Navlabs 6 and 7 were both built with Pontiac Bonnevilles. Navlab 8 was built with an Oldsmobile Silhouette van. Navlabs 9 and 10 were both built out of Houston transit buses.

== ALVINN ==
The ALVINN (An Autonomous Land Vehicle in a Neural Network) was developed in 1988. Detailed information is found in Dean A. Pomerleau's PhD thesis (1992). It was an early demonstration of representation learning, sensor fusion, and data augmentation.

=== Architecture ===
ALVINN was a 3-layer fully connected feedforward network trained by backpropagation, with 1217-29-46 neurons and thus 36,627 weights. It had 3 types of inputs:

- A 30x32 grid representing grayscale values from the blue channel of a video camera pointing forward.
- An 8x32 grid containing depth information from a laser rangefinder (30 by 80 degree field of view).
- 1 feedback unit. It is directly connected to the one in the output layer, with one-step delay in the style of the Jordan network. It was designed to provide rudimentary processing of time

The output layer consisted of 46 units:

- 45 units represent a linear range of steering angles. The most activated unit within this range determined the vehicle's steering direction.
- 1 feedback unit.
By inspecting the network weights, Pomerleau noticed that the feedback unit learned to measure the relative lightness of the road areas vs the non-road areas.

=== Training ===
ALVINN was trained by supervised learning on a dataset of 1200 simulated road images paired with corresponding range finder data. These images encompassed diverse road curvatures, retinal orientations, lighting conditions, and noise levels. Generating these images took 6 hours of Sun-4 CPU time.

The network was trained for 40 epochs using backpropagation on Warp (taking 45 minutes). For each training example, the steering output units were trained to produce a Gaussian distribution of activations, centered on the unit representing the correct steering angle.

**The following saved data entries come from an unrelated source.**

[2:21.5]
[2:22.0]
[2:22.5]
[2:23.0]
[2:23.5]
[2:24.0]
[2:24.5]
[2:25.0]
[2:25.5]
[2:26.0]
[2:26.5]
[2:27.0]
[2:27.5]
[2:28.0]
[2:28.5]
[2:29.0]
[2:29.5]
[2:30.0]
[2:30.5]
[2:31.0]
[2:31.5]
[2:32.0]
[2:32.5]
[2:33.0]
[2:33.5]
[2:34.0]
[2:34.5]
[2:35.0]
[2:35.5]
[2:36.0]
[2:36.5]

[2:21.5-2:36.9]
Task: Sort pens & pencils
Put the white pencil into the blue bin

At the end of training, the network achieved 90% accuracy in predicting the correct steering angle within two units of the true value on unseen simulated road images.

In live experiments, it ran on Navlab 1, with a video camera and a laser rangefinder. It could drive it at 0.5 m/s along a 400-meter wooded path under a variety of weathers: snowy, rainy, sunny and cloudy. This was competitive with traditional computer-vision-based algorithms at the time.

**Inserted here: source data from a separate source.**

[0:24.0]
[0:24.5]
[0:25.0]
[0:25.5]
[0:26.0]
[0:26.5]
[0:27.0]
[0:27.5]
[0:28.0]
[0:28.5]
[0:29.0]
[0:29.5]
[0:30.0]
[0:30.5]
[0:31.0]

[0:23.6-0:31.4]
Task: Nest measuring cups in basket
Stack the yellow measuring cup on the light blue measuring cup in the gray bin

Later, they applied on-line imitation learning with real data by a person driving the Navlab 1. They noticed that because a human driver never strays far from the path, the network would never be trained on what action to take if it ever finds itself straying far from the path. To deal with this problem, they applied data augmentation, where each real image is shifted to the left by 5 different amounts and to the right by 5 different amounts, and the real human steering angle is shifted accordingly. In this way, each example is augmented to 11 examples.

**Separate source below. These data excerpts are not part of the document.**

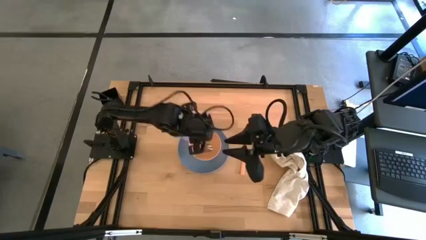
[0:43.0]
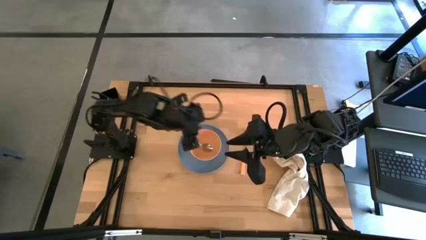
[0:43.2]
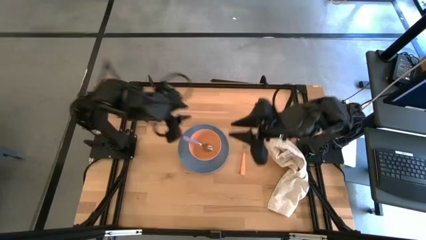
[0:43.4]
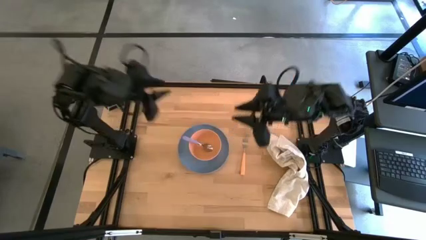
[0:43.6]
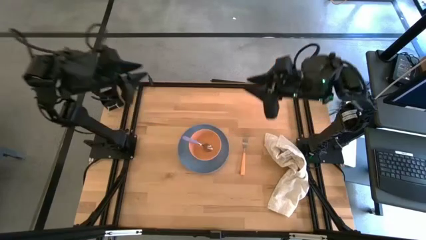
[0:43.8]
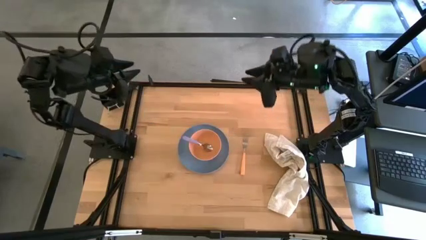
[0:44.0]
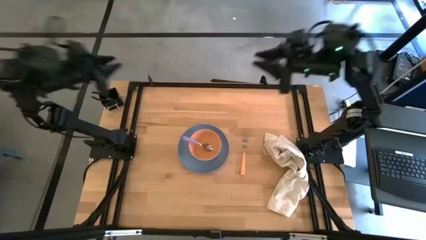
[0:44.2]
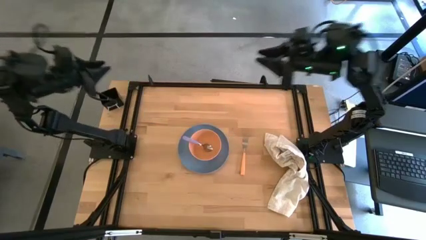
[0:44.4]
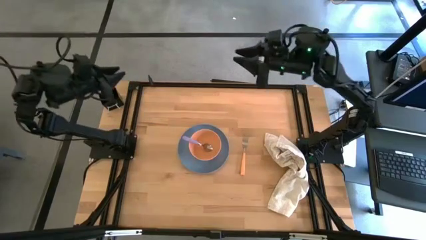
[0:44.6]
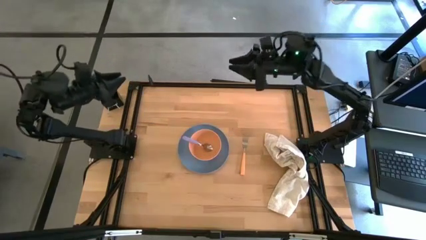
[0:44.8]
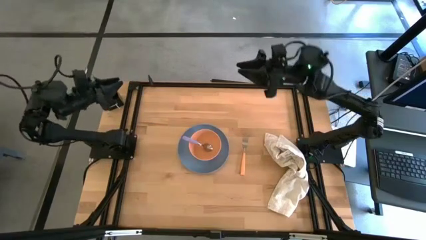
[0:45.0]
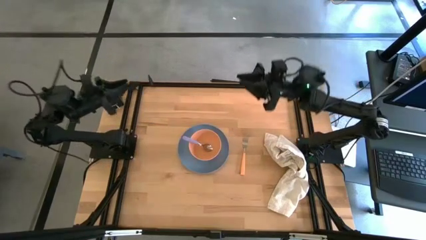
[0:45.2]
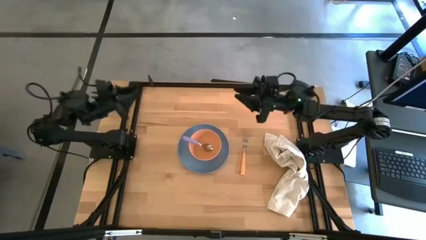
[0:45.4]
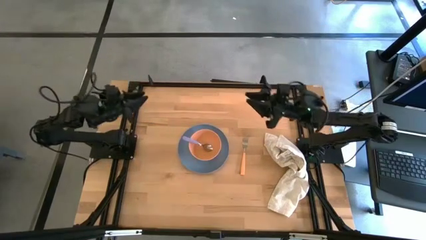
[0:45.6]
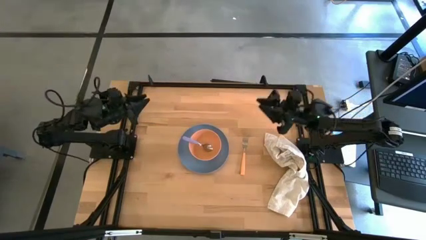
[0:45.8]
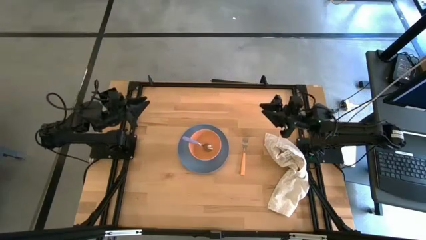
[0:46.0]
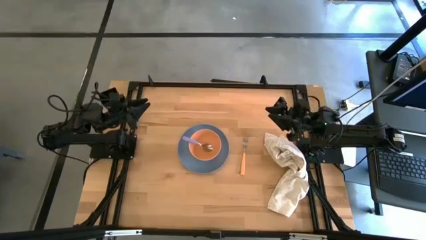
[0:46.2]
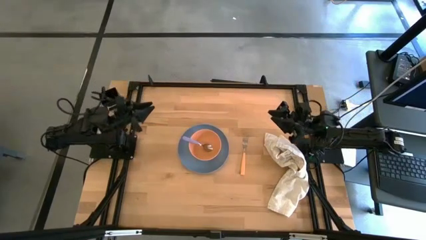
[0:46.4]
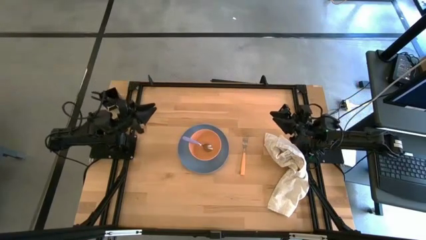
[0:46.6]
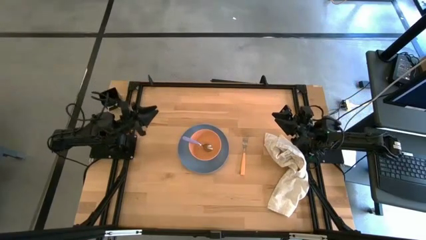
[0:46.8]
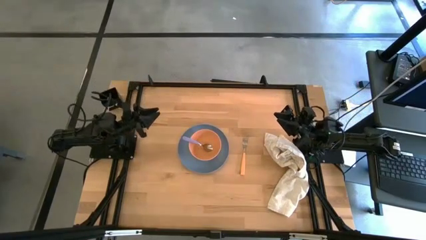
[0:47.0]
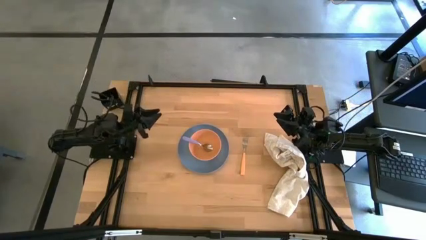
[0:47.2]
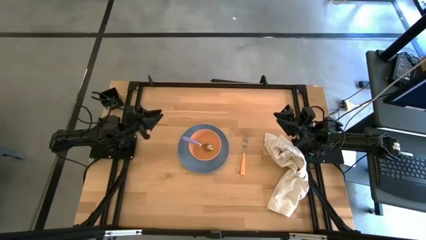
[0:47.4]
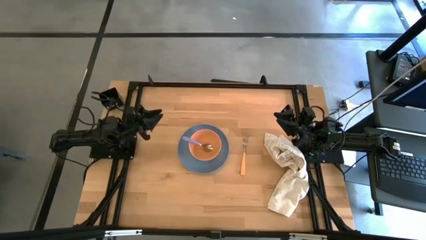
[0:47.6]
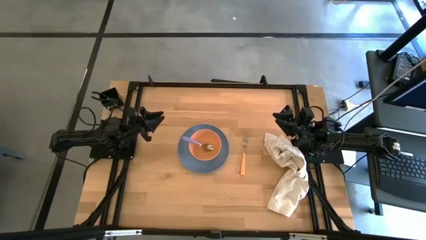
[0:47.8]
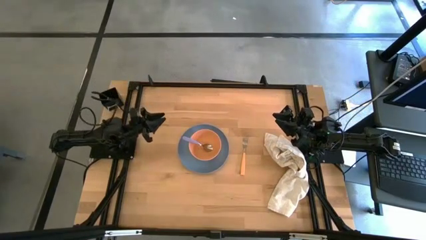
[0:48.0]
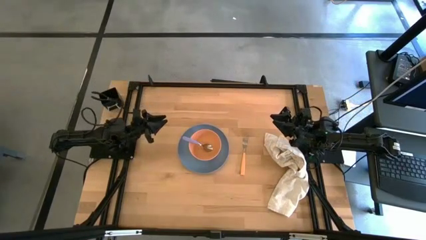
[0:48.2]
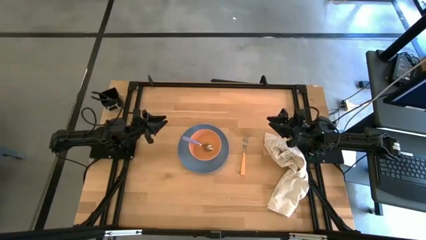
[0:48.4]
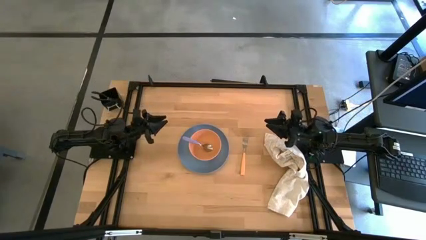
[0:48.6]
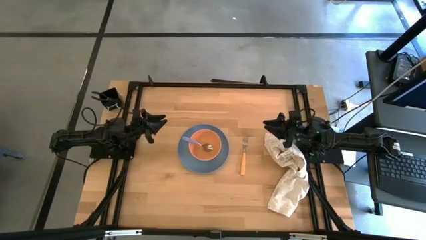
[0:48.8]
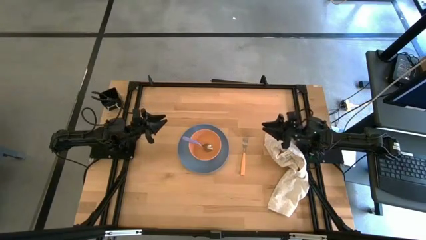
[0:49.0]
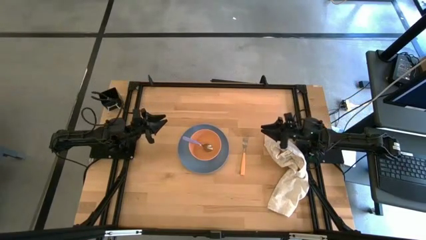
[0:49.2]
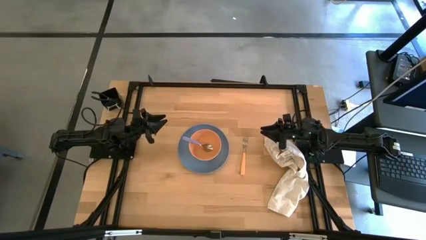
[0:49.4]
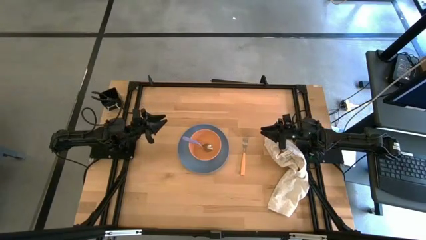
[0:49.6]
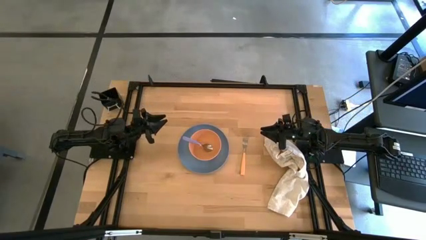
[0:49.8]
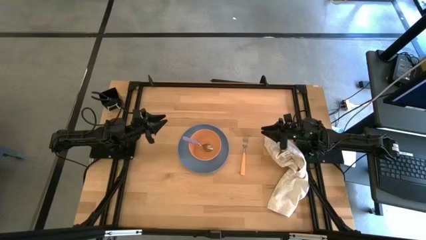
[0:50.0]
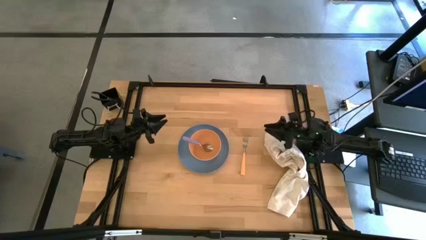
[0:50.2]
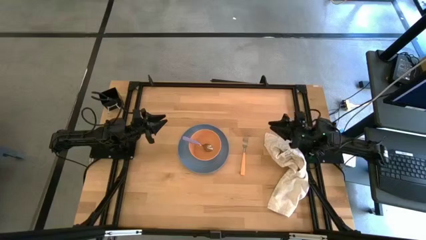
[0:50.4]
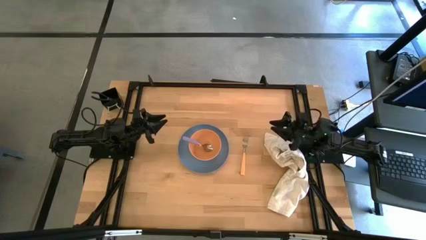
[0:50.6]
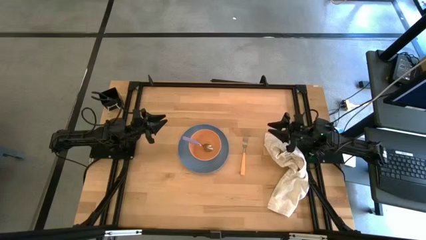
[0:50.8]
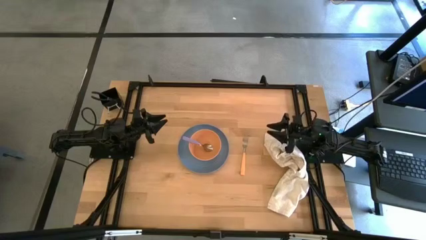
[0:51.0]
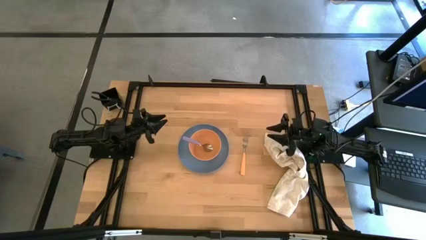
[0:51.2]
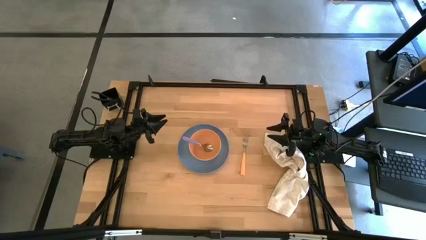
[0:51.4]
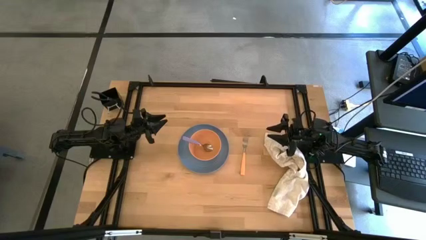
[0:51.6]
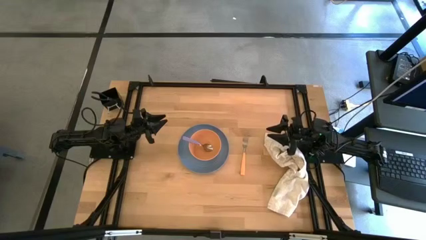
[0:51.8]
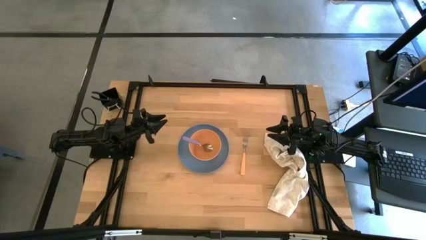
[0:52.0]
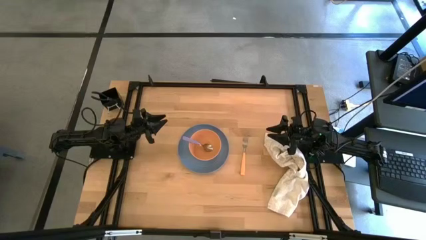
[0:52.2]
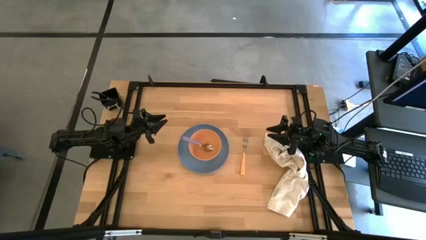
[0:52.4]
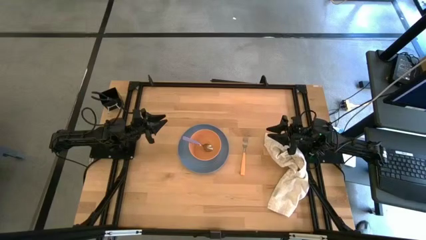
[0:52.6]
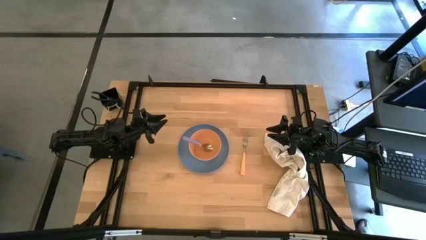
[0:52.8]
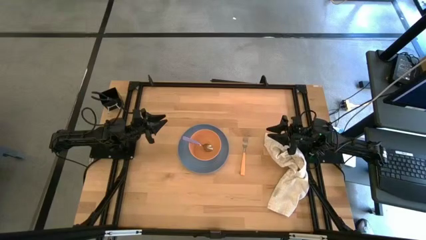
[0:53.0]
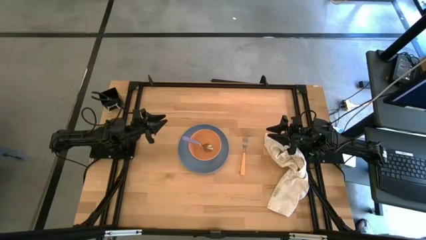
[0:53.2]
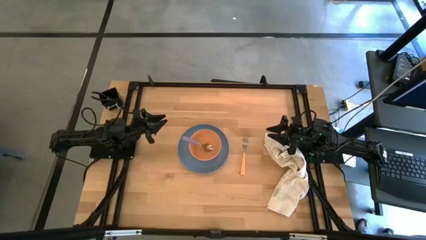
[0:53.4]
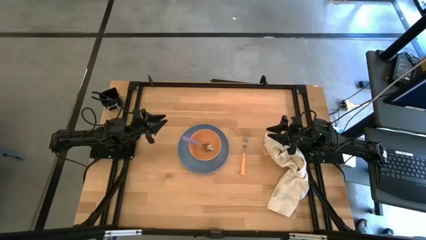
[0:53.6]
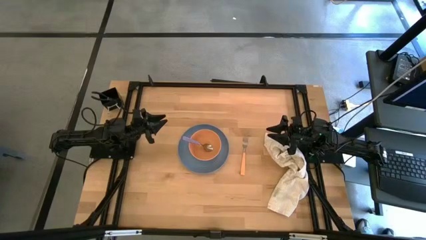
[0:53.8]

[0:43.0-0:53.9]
Task: Set table place
Return to Home Position

It was found that with a short sequence of ~100 of images, the network could be online-trained to follow the road. This took just ~10 minutes of driving.

The first ALVINN was trained in February 1989, trained off-line on purely simulated images of the road, in an eight-hour run on the Warp machine. After training, it would be put on a Sun 3 computer on the Navlab—the Warp machine was unnecessary, since neural networks are fast at inference time. It takes 0.75 seconds to process one image. On March 16, 1989, a new Navlab record of 1.3 m/s was set. They discovered in June 1989 that online training works.